Historical Figure Fixation
Lavie Tidhar’s most recent novel is “Osama” (PS Publishing). His blog posts are being featured this week on The Arty Semite courtesy of the Jewish Book Council and My Jewish Learning’s Author Blog Series. For more information on the series, please visit:
I might be obsessed with historical figures. Maybe it’s a Jewish thing. But my two most recent books were “Osama” (a novel) and “Jesus and the Eightfold Path” (a novella) — though the one may be too early to be called historical, and the other may not be historical at all. Josephus Flavius, supposed chronicler of my novella (“The Gospel According to Josephus,” we learn halfway through) is our only contemporary historian to mention Jesus, but it appears quite likely the mention — a single paragraph — was inserted into the text centuries later.
Be that as it may, with a recent short story called “The Lives and Deaths of Che Guevara” (in the “Solaris Rising” anthology) chronicling the effect multiple clones of the legendary revolutionary had on the world’s various conflicts and wars, I think I might suffer from Historical Figure Fixation, and that just sounds like a bad Woody Allen movie. (Which is, basically, any Woody Allen movie after 1985. Badabing.)

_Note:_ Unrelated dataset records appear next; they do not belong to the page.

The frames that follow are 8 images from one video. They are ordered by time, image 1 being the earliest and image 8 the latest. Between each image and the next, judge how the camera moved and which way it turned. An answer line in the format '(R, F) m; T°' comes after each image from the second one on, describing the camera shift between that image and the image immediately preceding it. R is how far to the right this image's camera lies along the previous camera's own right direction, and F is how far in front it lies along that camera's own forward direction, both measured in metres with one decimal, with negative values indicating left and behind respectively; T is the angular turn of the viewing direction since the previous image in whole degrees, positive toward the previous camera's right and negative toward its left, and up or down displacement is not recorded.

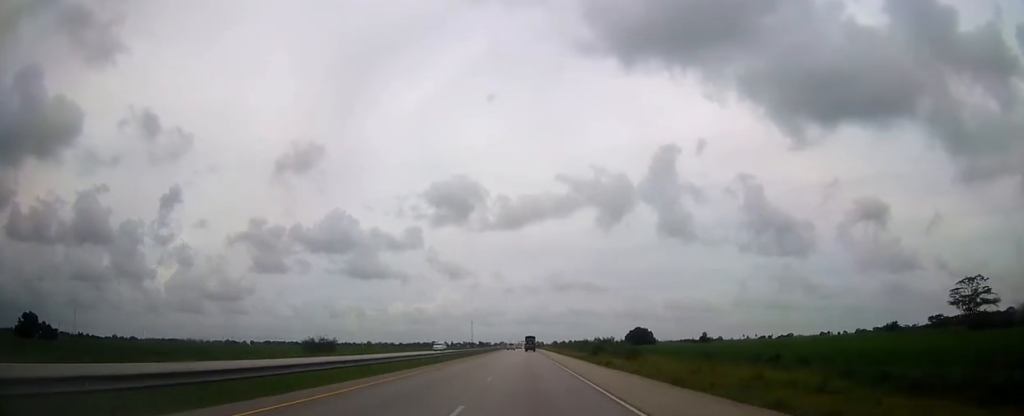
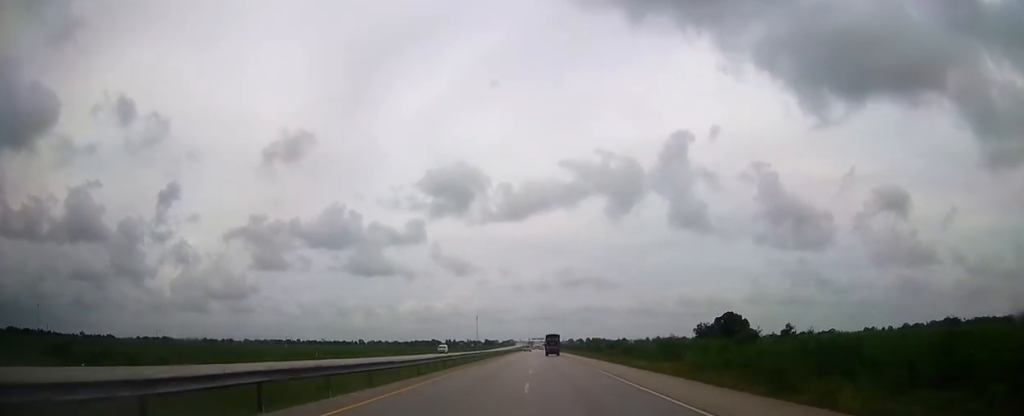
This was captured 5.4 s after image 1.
(-0.7, +158.5) m; -1°
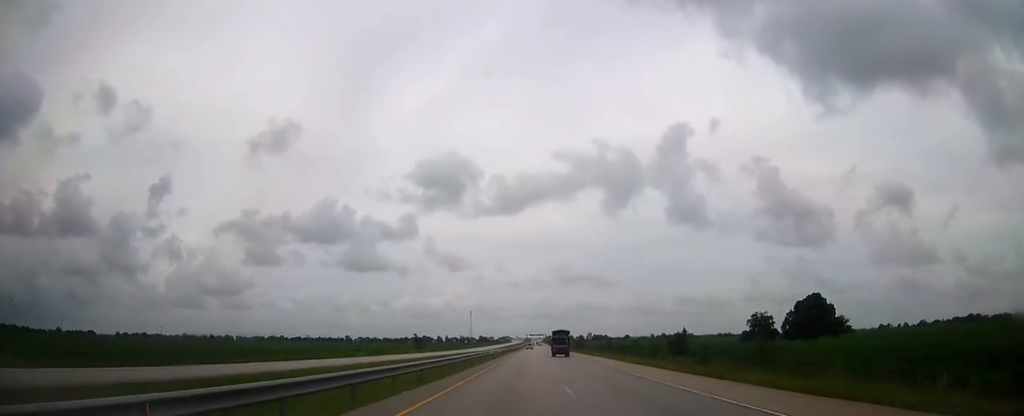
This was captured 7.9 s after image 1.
(-0.2, +73.6) m; 0°
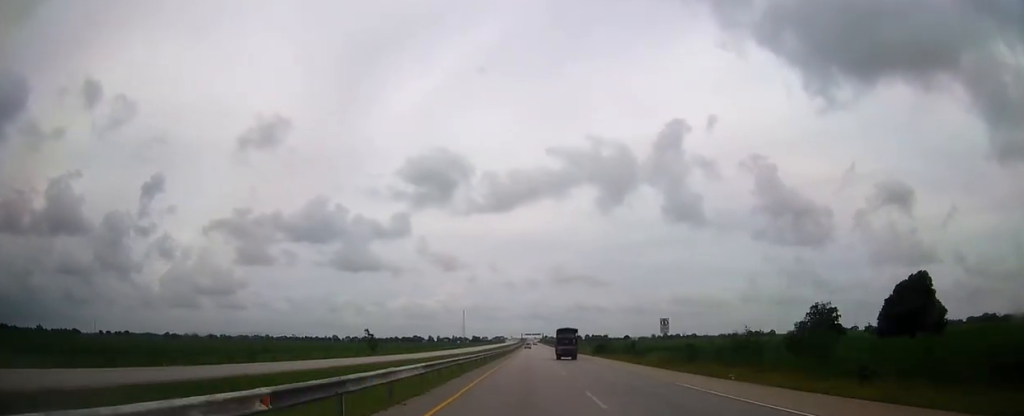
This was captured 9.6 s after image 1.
(+0.1, +51.1) m; 0°
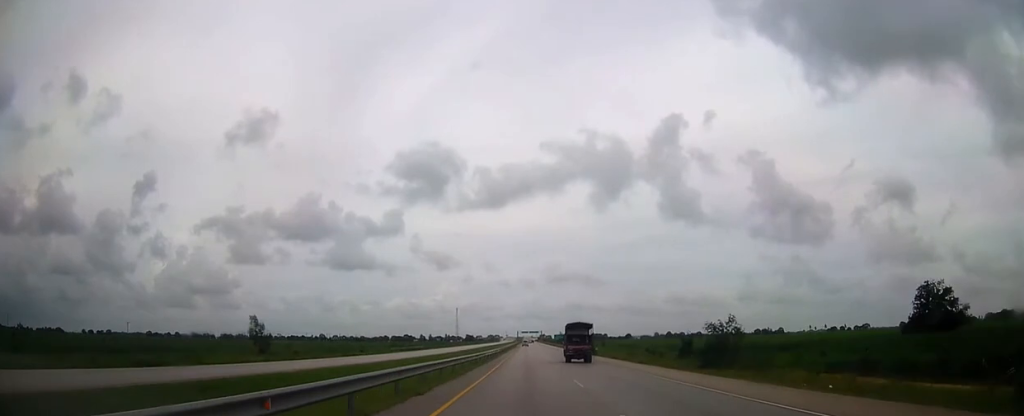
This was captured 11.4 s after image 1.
(+0.1, +54.2) m; 0°
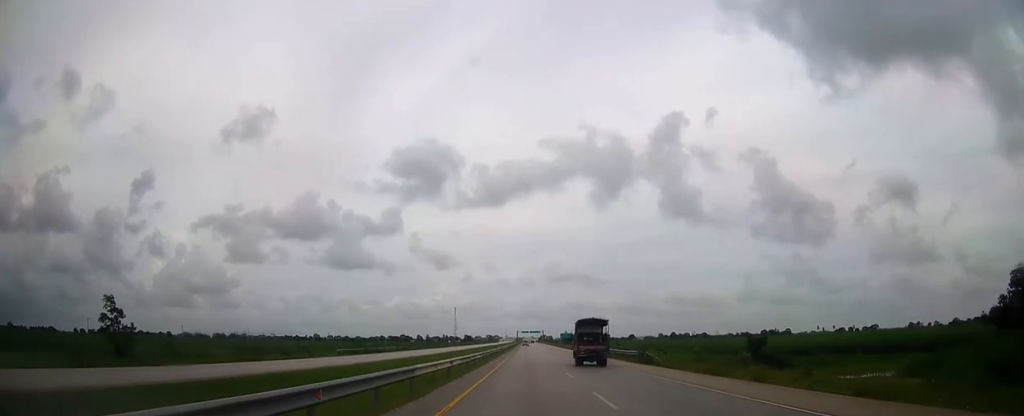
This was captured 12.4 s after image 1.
(0.0, +30.1) m; 0°
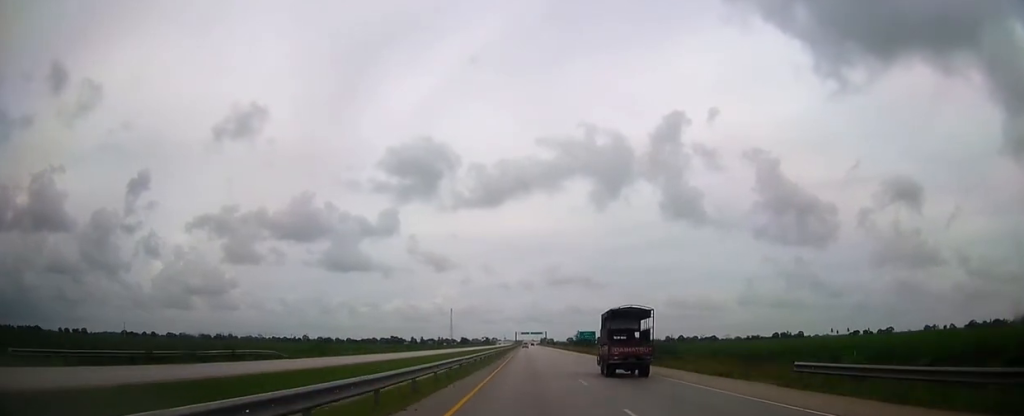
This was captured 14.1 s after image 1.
(+0.1, +51.8) m; 0°
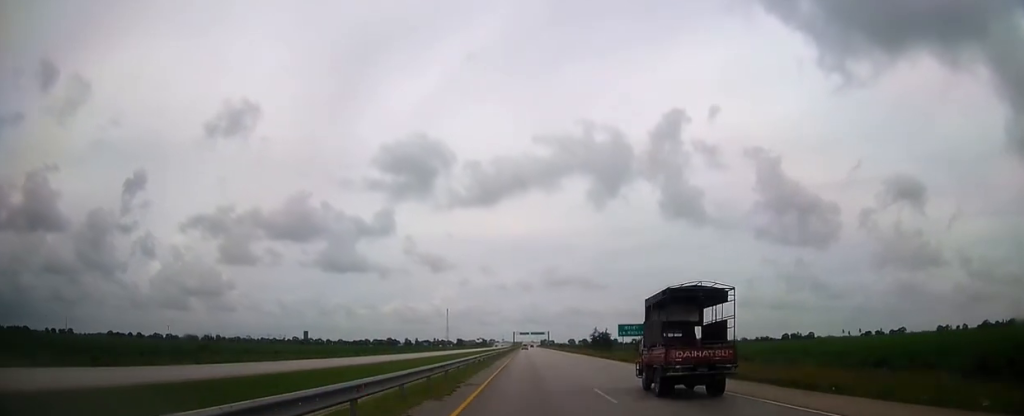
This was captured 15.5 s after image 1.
(0.0, +42.9) m; 0°

I keep saying my next book will have to be “Mother Teresa, Gunslinger.” I also like to say I never joke about future books. Though it occurs to me this might be better as a graphic novel. Certainly my planned book about a gun-slinging Walt Whitman traversing a future planet Mars accompanied by an automaton Golda Meir (in search of mysterious alien ruins, perhaps!) isn’t a joke. I’m just waiting for someone to pay me to write it.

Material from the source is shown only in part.